* What needs to be done
Among the entries that follow, find the lines containing the string "lung" and copy them.

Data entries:
※

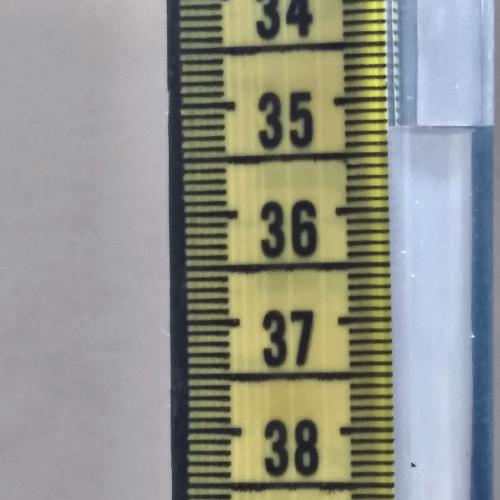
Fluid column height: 35.3 cm
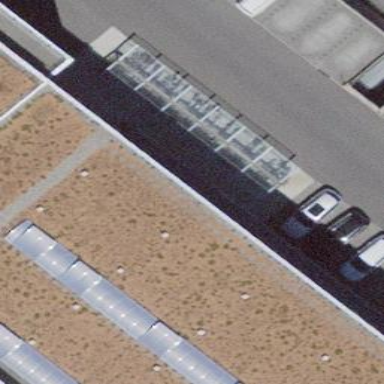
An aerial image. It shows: Covered bicycle parking shed.
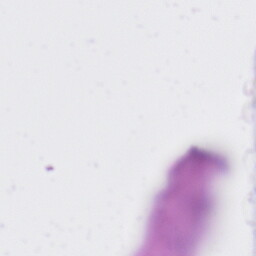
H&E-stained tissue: Liver
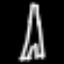
Label: The Eiffel Tower
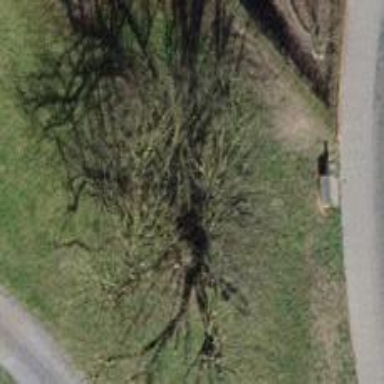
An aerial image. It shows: Deciduous tree serving as landmark.
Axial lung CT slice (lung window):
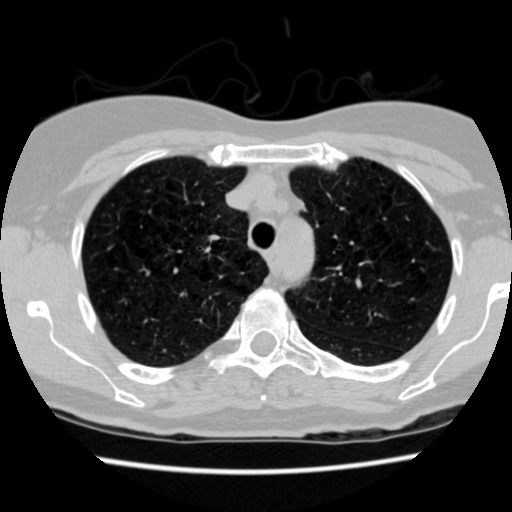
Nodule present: no
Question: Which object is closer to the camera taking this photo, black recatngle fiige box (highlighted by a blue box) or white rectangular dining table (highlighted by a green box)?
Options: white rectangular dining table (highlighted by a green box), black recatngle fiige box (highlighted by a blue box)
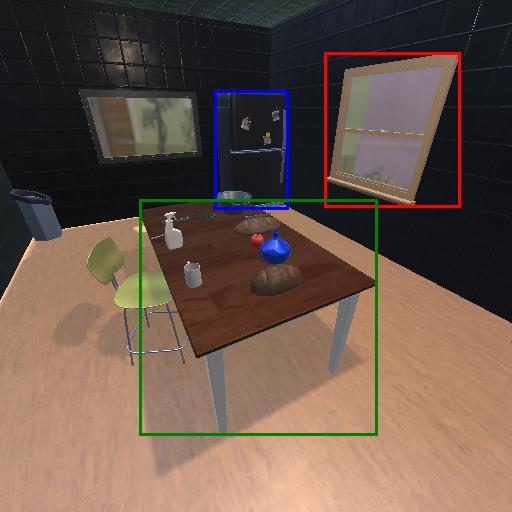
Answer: white rectangular dining table (highlighted by a green box)
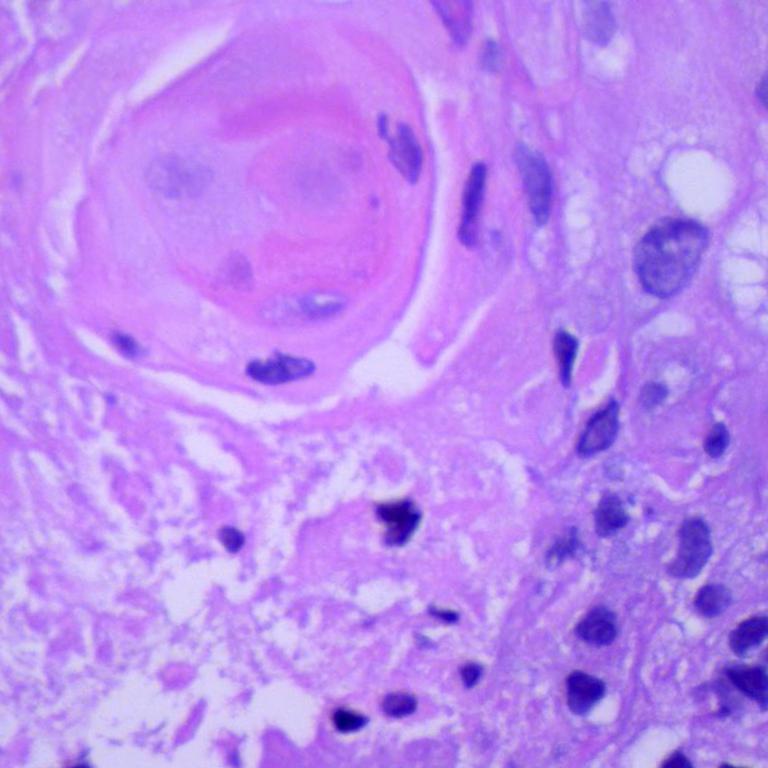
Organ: lung
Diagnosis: squamous carcinomas
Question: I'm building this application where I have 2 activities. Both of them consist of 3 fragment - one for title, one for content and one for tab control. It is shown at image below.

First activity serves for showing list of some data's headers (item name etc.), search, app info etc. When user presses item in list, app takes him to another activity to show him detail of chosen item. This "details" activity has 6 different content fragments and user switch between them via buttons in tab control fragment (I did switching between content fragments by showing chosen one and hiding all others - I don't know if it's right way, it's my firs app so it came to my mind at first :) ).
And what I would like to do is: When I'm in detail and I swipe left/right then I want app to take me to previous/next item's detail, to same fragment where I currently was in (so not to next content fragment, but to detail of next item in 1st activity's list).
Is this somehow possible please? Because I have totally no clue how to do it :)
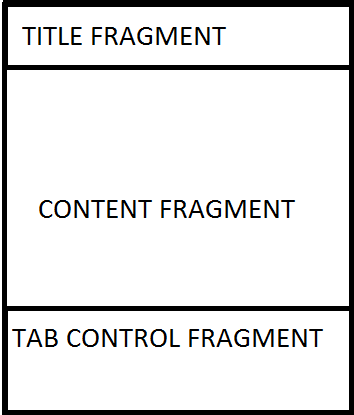
Answer: > And what I would like to do is: When I'm in detail and I swipe
left/rigt then I want app to take me to previous/next item's detail,
to same fragment where I currently was in (so not to next content
fragment, but to detail of next item in 1st activity's list).
If you want to swipe left-right then you would need a 'ViewPager' widget. I'm not sure how should your details activity behave so I'm providing you with two options. Do you want to be able to switch to the next/previous item's details (from the 6 content fragments, which I assume are related and show various data for a single item)? If yes then in that desired fragment you would replace the current content of the fragment(which will only act as a container) with a 'ViewPager' and use nested fragments for the actual content. If the user switches to the details of a previous/next item's details and then suddenly wants to see the data for that item from one of the remaining 5 content fragments then you would need to have some updates method on them to refresh the data to show the current item(a 'OnPageChangeListener' will be useful here).
Second option, is if you want to allow the user to swipe left/right from any of the 6 content fragments. If this is the case you would use the same method as above but you'll modify each of those 6 fragments.
Showing the next/previous item is easy, just get some sort of identifier of the data(a position, id), retrieve the whole used data(as in the first activity) and then cycle between it.
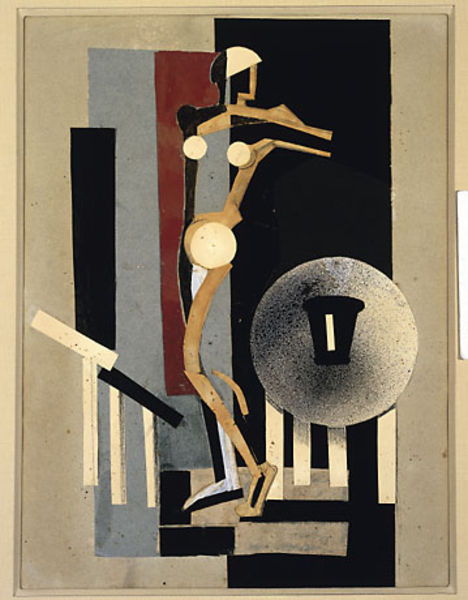
Titel: Collage Design for a Costume, Collage Design for a Costume
Künstler: Aleksandra Ekster (Exter)
Standort: Amherst (Massachusetts, USA)
Institution: Mead Art Museum, Amherst College
Schlagwörter: grau, blue, hat, red, white, arm, gray, grey, print, staircase, frau, man, nude, color, cubist, abstract, schwarz, abstraction, circle, futurism, lines, figure, simple, contraposto, collage, russian, constructivism, figur, treppe, blacl, spray paint, cut paper, blase, kugel, ttanz, treppengeländer
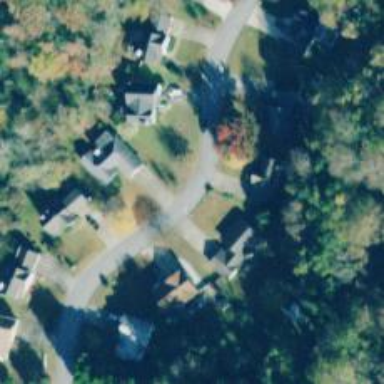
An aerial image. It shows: Asphalt road in residential area.
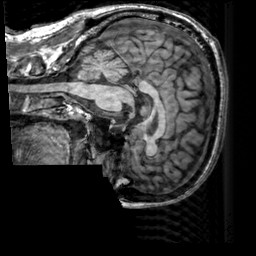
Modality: T1w
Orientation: sagittal
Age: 54
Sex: male
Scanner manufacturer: siemens
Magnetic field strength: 3 T
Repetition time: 2.3 s
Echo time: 0.00303 s
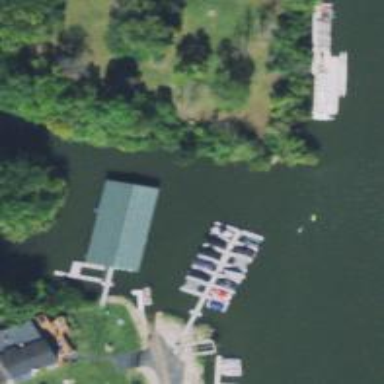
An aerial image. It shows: Dock by the waterway.
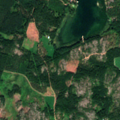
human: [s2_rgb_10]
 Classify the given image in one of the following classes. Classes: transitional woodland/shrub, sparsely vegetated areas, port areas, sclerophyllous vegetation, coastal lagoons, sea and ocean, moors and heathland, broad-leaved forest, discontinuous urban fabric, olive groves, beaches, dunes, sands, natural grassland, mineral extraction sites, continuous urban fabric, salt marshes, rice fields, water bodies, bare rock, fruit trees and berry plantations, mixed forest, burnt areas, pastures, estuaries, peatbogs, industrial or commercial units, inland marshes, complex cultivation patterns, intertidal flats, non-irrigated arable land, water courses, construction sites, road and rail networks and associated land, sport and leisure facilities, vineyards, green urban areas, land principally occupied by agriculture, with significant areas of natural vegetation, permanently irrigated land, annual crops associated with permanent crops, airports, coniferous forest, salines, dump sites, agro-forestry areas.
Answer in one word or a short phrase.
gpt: coniferous forest, mixed forest, sea and ocean
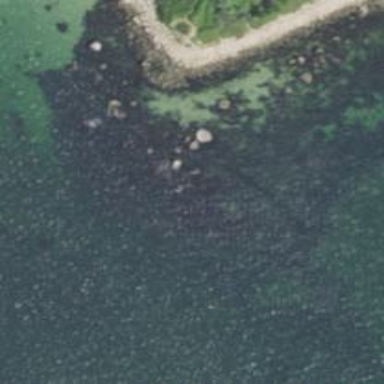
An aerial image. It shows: Natural rock reef.
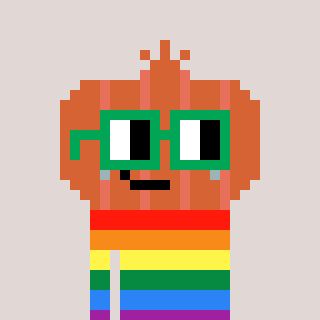
a pixel art character with square green glasses, a onion-shaped head and a grayscale-colored body on a warm background
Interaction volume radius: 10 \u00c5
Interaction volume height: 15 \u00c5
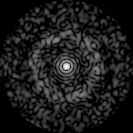
Disorder parameter: 0.8168
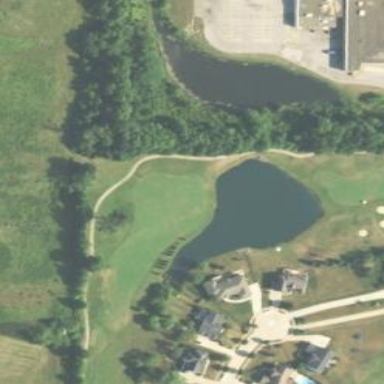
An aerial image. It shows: Water hazard in golf course. The hazard is natural water feature.
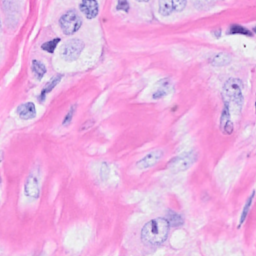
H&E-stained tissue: Breast
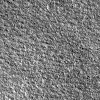
Atmospheric dust classification: not_dusty
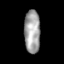
Tissue: skin
Cell type: Fibroblasts
Senescence score: 0.7187
Nuclear area (px): 673
Mean DAPI intensity: 161.877
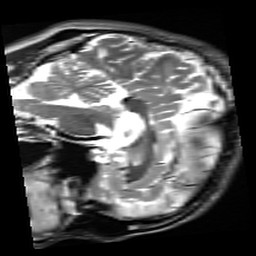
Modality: inplaneT2
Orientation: sagittal
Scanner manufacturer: siemens
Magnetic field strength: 3 T
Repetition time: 7.02 s
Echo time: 0.069 s
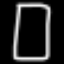
Label: square
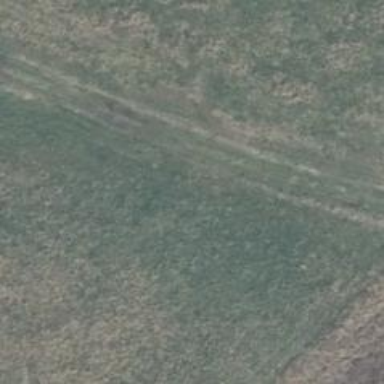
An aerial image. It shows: Grass track with grade 5 tracktype.
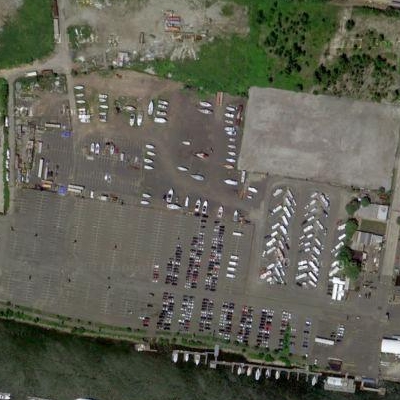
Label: Parking
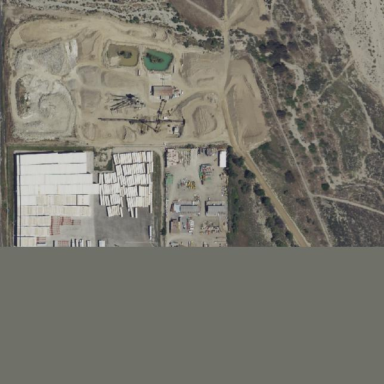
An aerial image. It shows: Quarry area rich in sand and gravel resources.
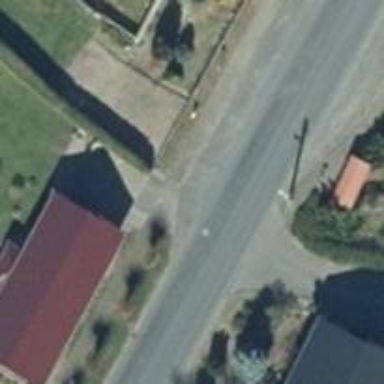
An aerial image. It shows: Emergency access point on the road.
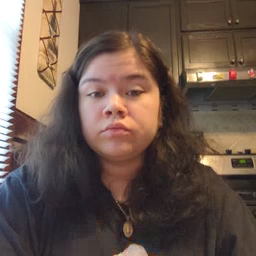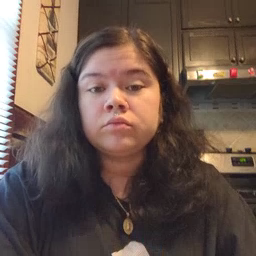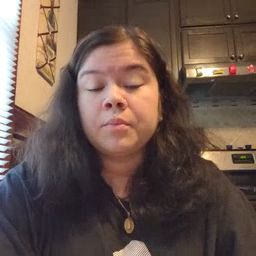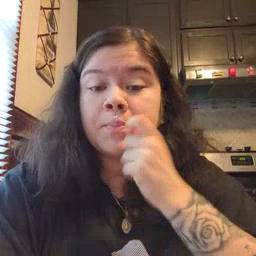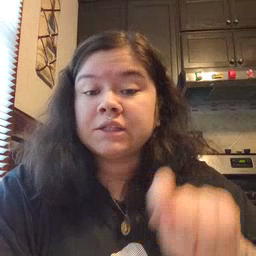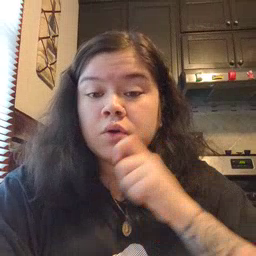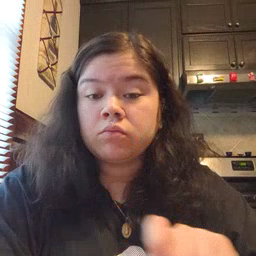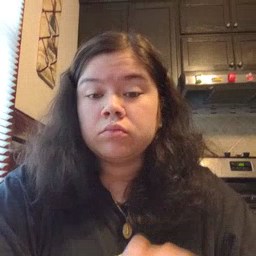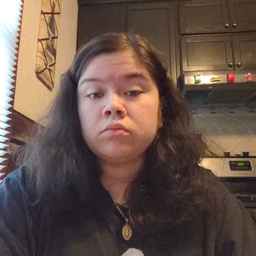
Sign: pencil

※

* Solution
Axial lung CT slice (lung window):
Organ: lung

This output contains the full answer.